_RECORDS PROVIDED_:
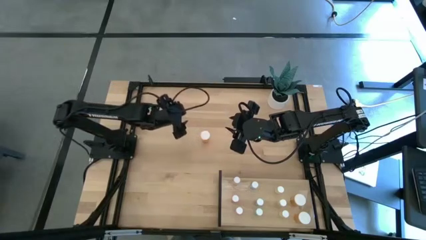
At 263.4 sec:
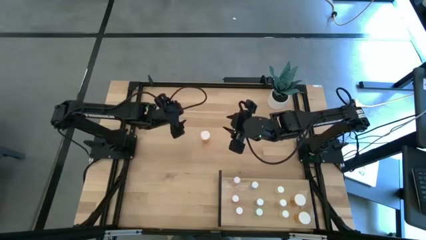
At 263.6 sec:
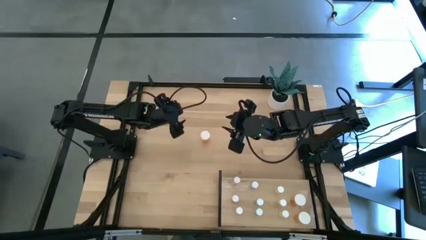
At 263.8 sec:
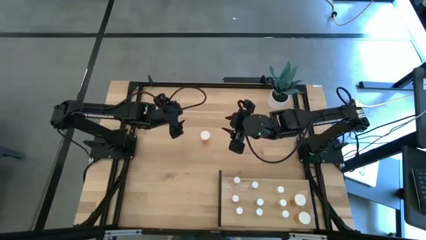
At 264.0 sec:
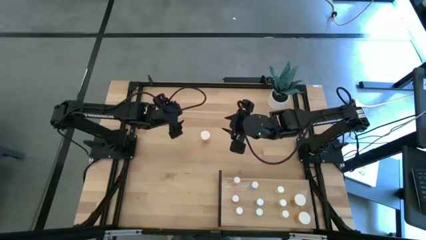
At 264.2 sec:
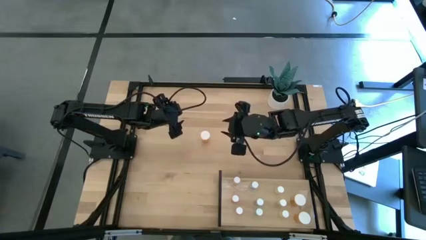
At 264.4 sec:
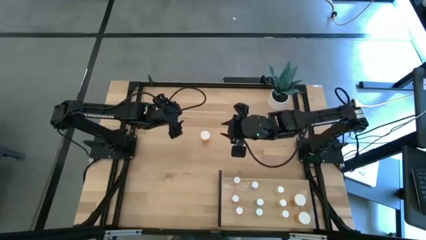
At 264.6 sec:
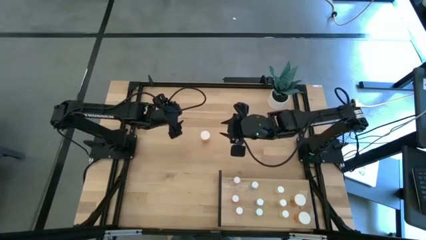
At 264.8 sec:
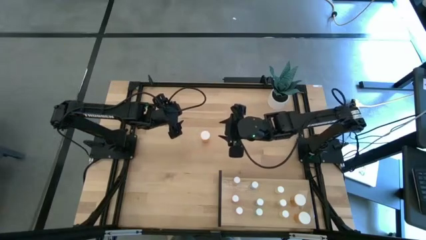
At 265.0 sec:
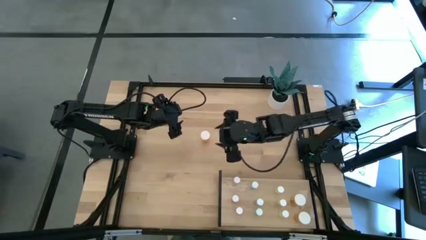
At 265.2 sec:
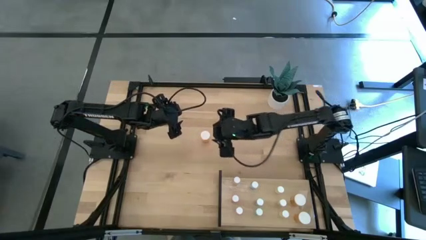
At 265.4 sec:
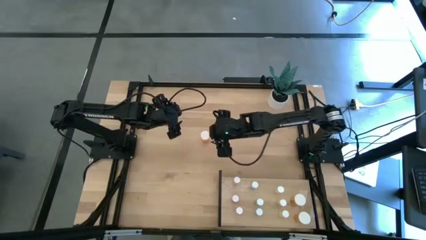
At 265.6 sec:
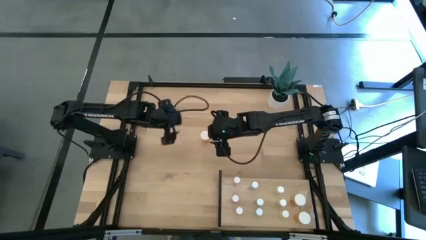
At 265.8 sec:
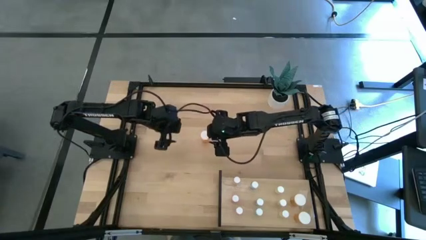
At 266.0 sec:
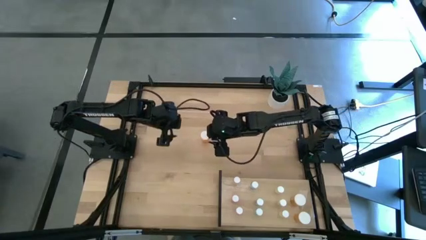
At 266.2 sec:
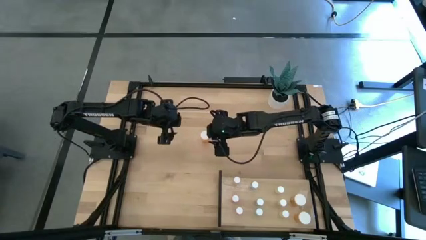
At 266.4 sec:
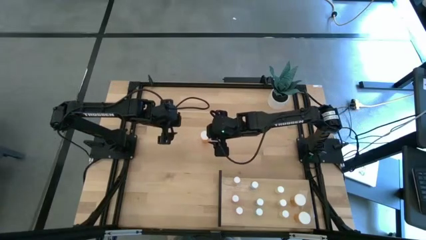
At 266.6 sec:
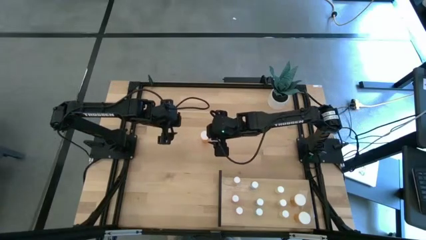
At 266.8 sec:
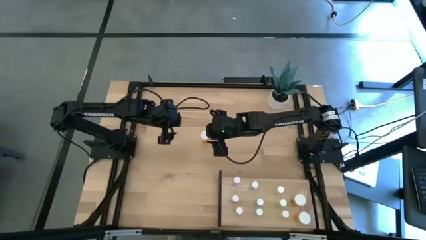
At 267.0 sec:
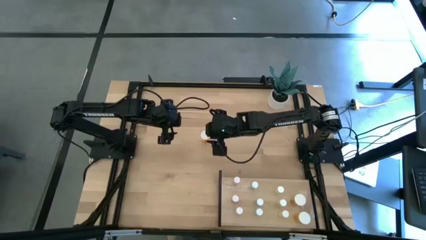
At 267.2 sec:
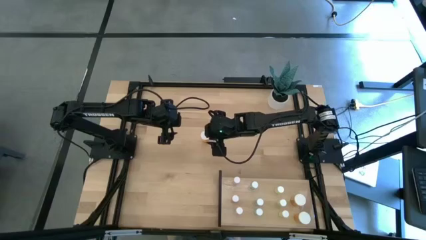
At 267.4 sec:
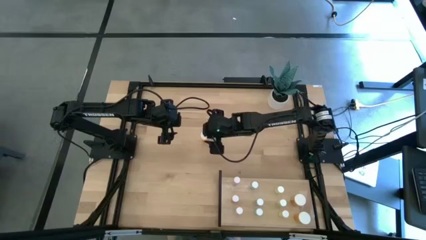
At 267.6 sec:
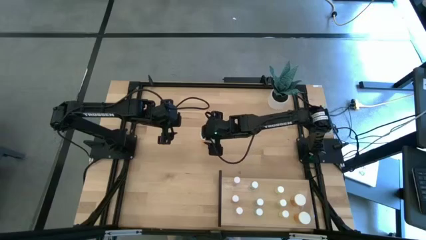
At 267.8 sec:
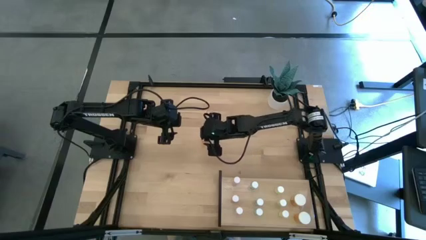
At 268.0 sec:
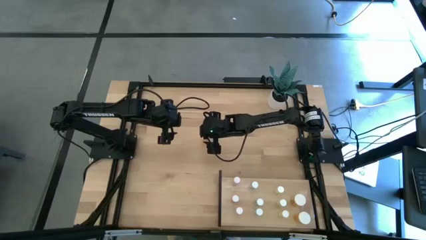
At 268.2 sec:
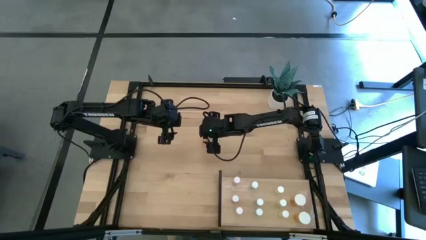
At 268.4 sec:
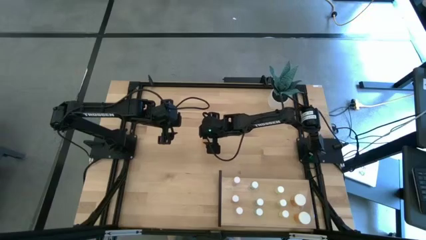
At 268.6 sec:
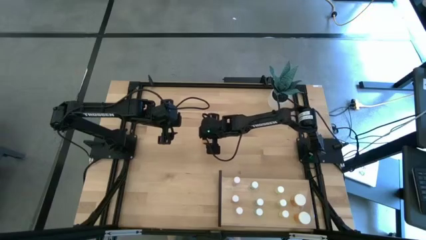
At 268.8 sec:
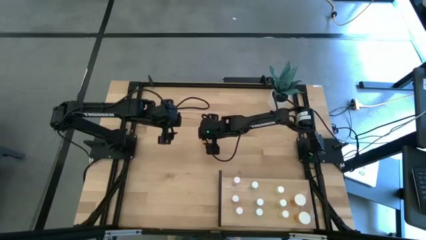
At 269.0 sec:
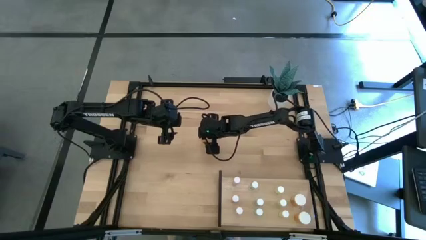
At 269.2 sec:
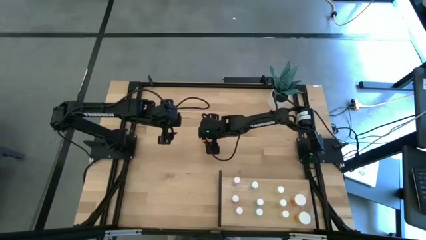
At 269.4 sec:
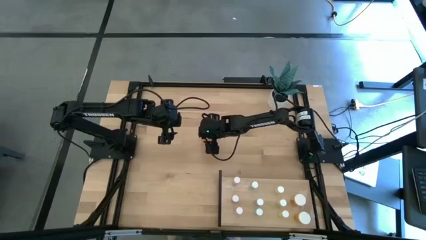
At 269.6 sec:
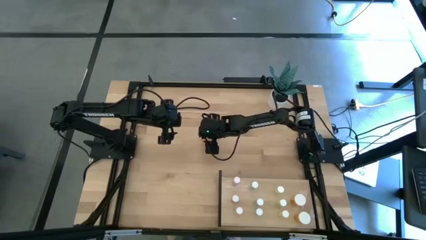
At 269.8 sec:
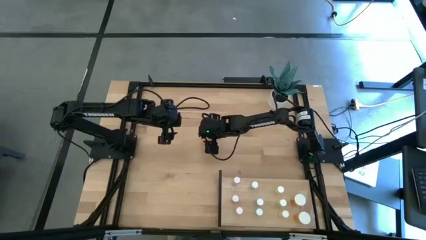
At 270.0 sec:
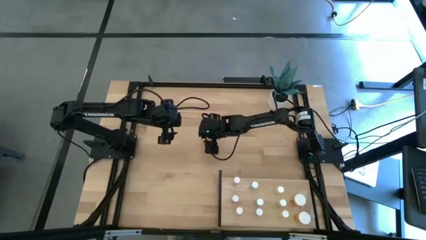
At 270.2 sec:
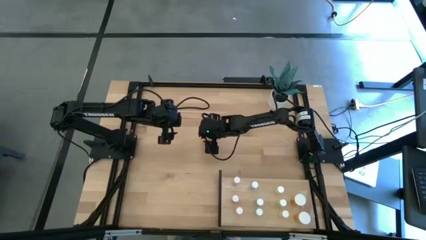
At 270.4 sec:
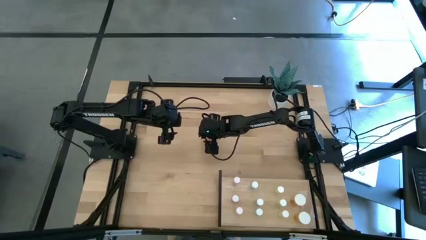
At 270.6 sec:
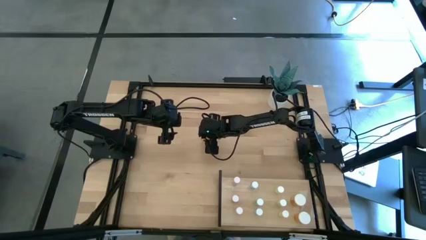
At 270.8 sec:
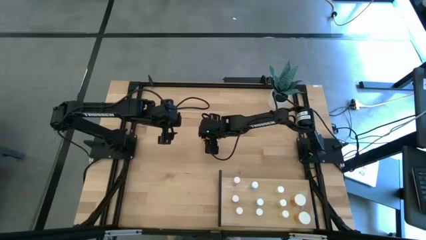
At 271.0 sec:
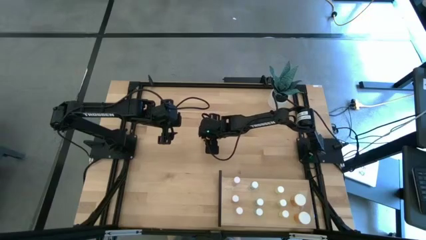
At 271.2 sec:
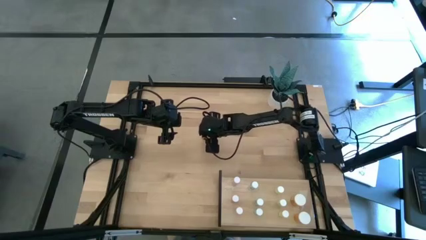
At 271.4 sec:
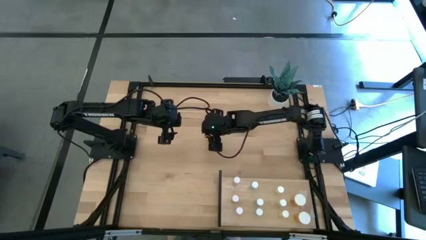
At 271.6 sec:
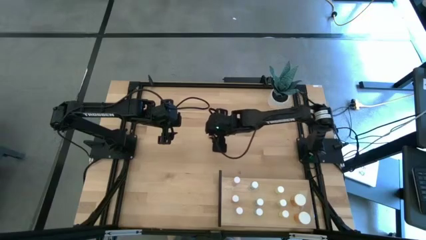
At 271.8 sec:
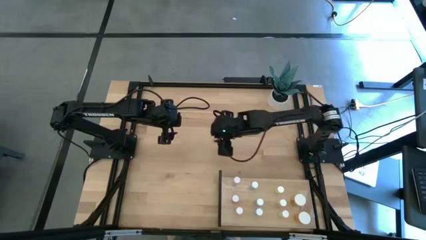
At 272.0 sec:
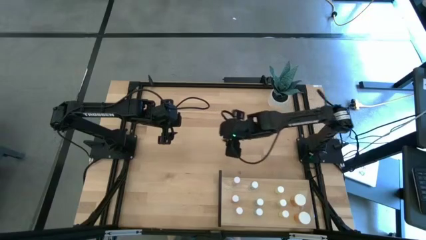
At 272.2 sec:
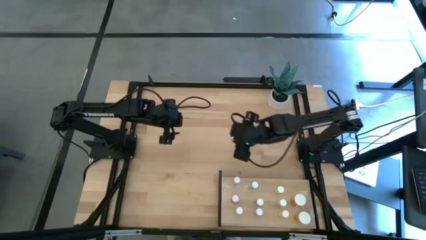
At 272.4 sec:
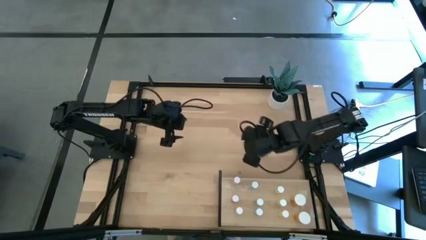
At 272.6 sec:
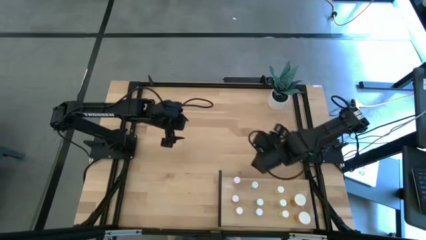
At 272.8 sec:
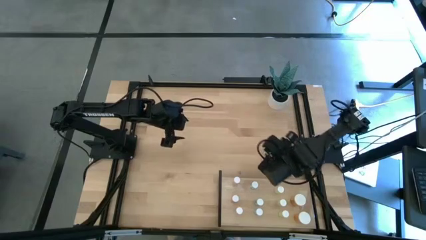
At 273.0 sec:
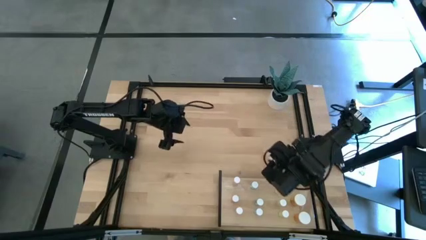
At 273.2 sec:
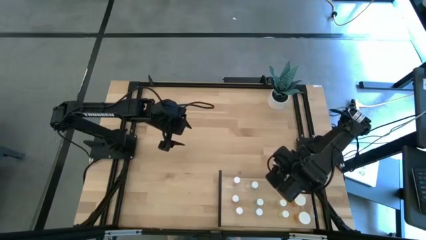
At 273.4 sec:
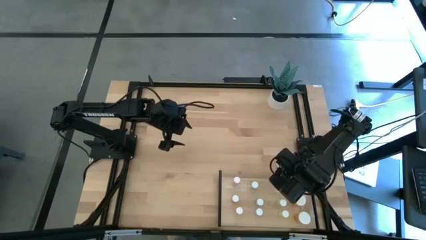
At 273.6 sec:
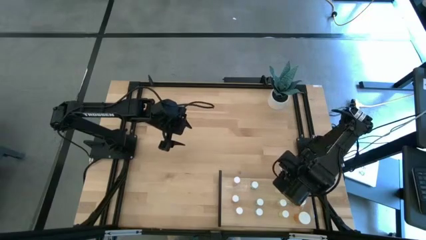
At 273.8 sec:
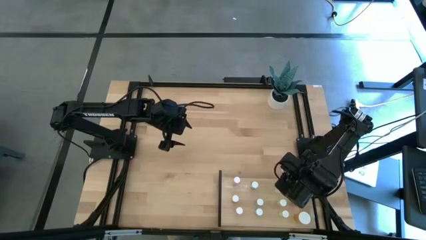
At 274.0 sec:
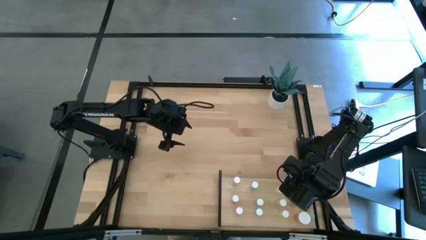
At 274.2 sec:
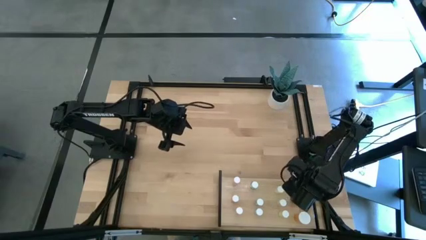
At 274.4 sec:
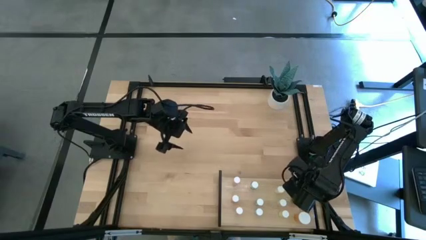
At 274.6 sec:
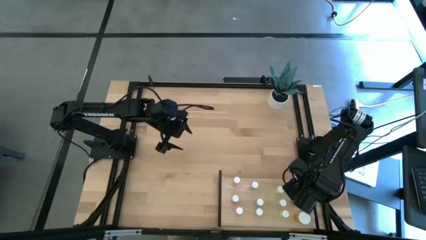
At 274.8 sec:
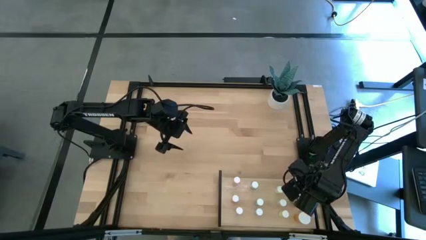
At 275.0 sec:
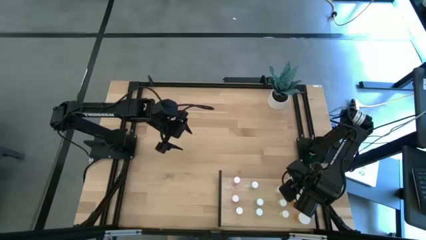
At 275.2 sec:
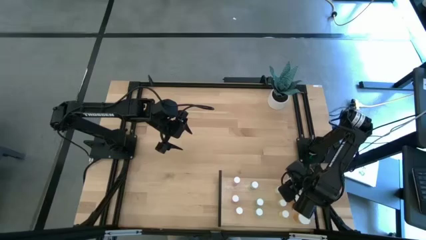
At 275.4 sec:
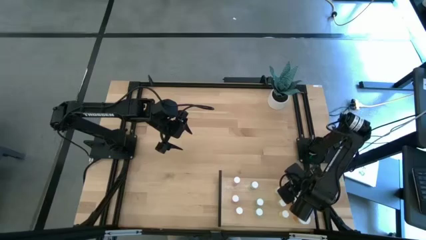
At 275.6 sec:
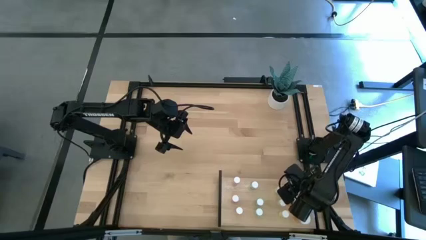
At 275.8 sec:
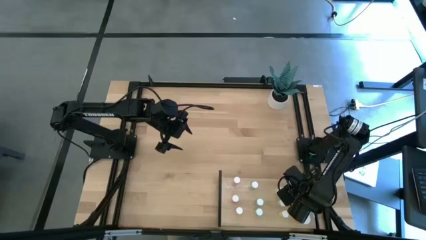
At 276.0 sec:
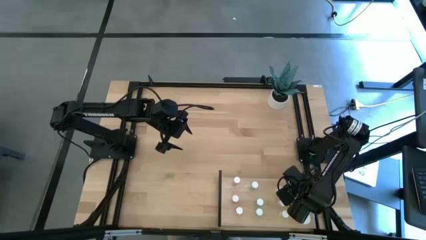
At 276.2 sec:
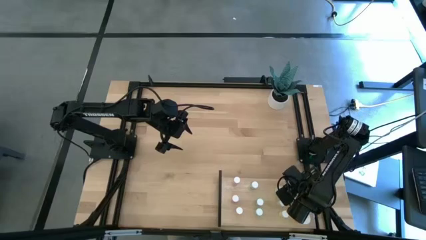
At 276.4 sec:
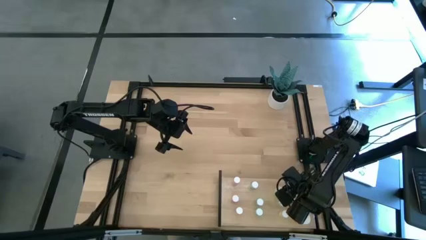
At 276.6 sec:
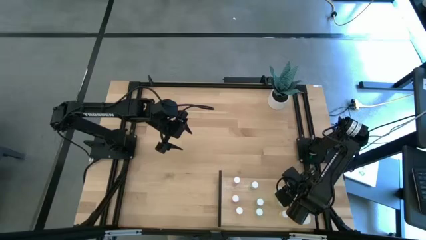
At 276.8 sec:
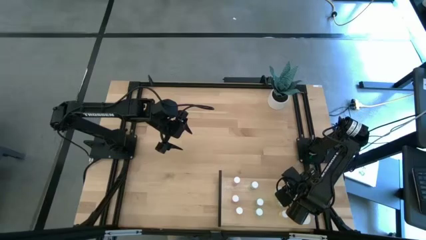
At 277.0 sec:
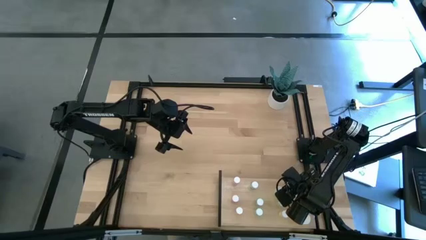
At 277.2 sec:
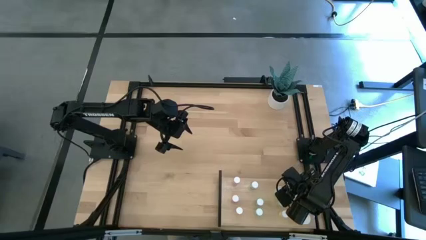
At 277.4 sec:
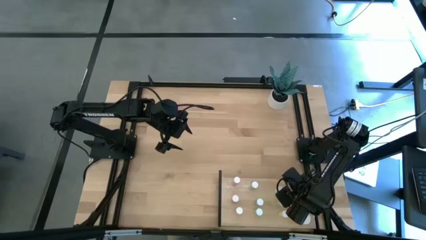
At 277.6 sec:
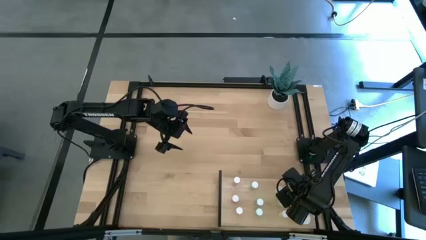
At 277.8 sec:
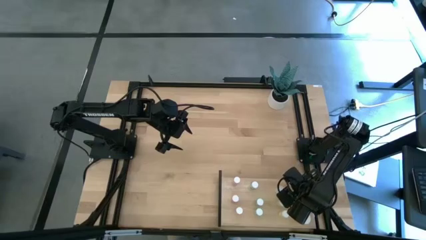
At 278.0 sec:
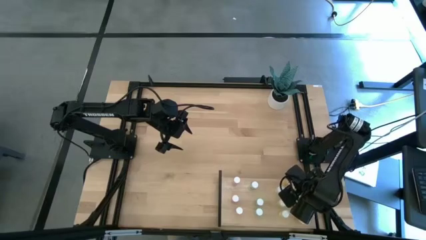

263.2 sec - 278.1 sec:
Task: Pick and place medicine bottles onto shelf by color
Put the orange pill bottle on the shelf aligned with the other orange pill bottle

_WORK REQUEST_:
The whole listing, minus its images, should be repeated exactly.

_TASK ANSWER_:
At 263.4 sec:
At 263.6 sec:
At 263.8 sec:
At 264.0 sec:
At 264.2 sec:
At 264.4 sec:
At 264.6 sec:
At 264.8 sec:
At 265.0 sec:
At 265.2 sec:
At 265.4 sec:
At 265.6 sec:
At 265.8 sec:
At 266.0 sec:
At 266.2 sec:
At 266.4 sec:
At 266.6 sec:
At 266.8 sec:
At 267.0 sec:
At 267.2 sec:
At 267.4 sec:
At 267.6 sec:
At 267.8 sec:
At 268.0 sec:
At 268.2 sec:
At 268.4 sec:
At 268.6 sec:
At 268.8 sec:
At 269.0 sec:
At 269.2 sec:
At 269.4 sec:
At 269.6 sec:
At 269.8 sec:
At 270.0 sec:
At 270.2 sec:
At 270.4 sec:
At 270.6 sec:
At 270.8 sec:
At 271.0 sec:
At 271.2 sec:
At 271.4 sec:
At 271.6 sec:
At 271.8 sec:
At 272.0 sec:
At 272.2 sec:
At 272.4 sec:
At 272.6 sec:
At 272.8 sec:
At 273.0 sec:
At 273.2 sec:
At 273.4 sec:
At 273.6 sec:
At 273.8 sec:
At 274.0 sec:
At 274.2 sec:
At 274.4 sec:
At 274.6 sec:
At 274.8 sec:
At 275.0 sec:
At 275.2 sec:
At 275.4 sec:
At 275.6 sec:
At 275.8 sec:
At 276.0 sec:
At 276.2 sec:
At 276.4 sec:
At 276.6 sec:
At 276.8 sec:
At 277.0 sec:
At 277.2 sec:
At 277.4 sec:
At 277.6 sec:
At 277.8 sec:
At 278.0 sec:

263.2 sec - 278.1 sec:
Task: Pick and place medicine bottles onto shelf by color
Put the orange pill bottle on the shelf aligned with the other orange pill bottle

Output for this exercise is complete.